> **WHAT YOU HAVE TO DO**:
Reproduce the entries exactly, but keep the pictures out of the copy.

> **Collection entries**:
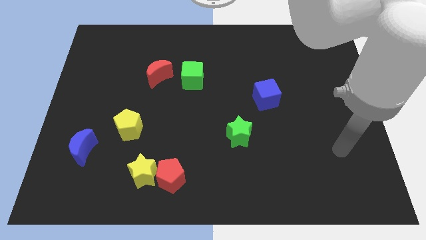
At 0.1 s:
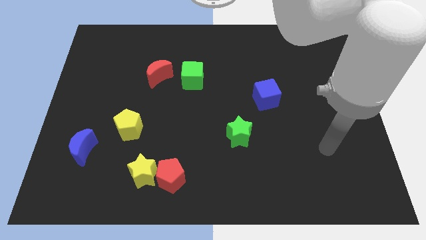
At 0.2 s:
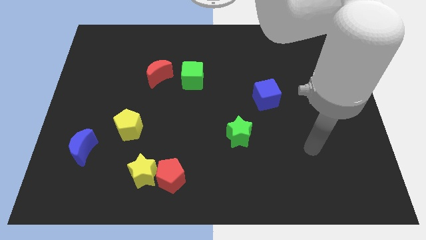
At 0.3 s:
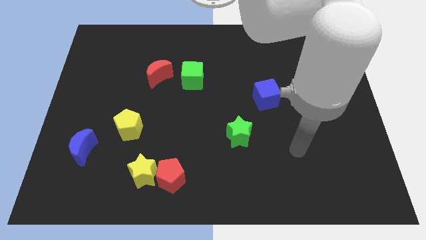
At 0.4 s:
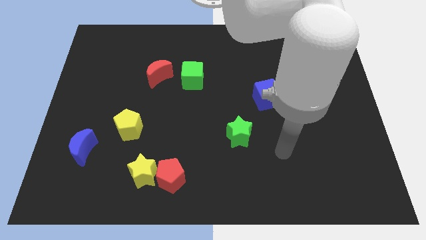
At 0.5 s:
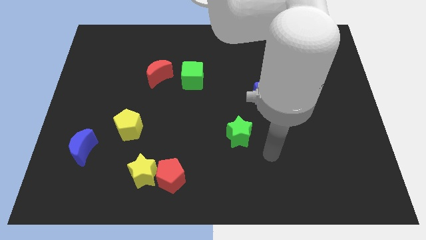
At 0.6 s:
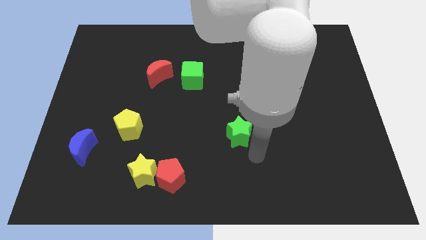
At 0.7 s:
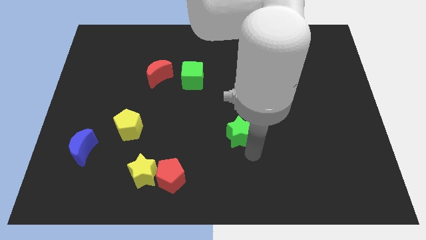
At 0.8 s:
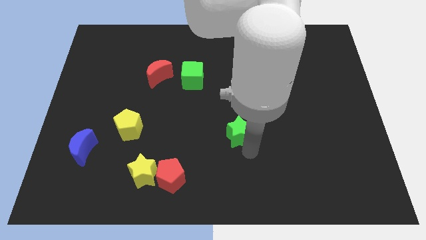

> **REPLY TO THE TASK**:
At 0.1 s:
At 0.2 s:
At 0.3 s:
At 0.4 s:
At 0.5 s:
At 0.6 s:
At 0.7 s:
At 0.8 s:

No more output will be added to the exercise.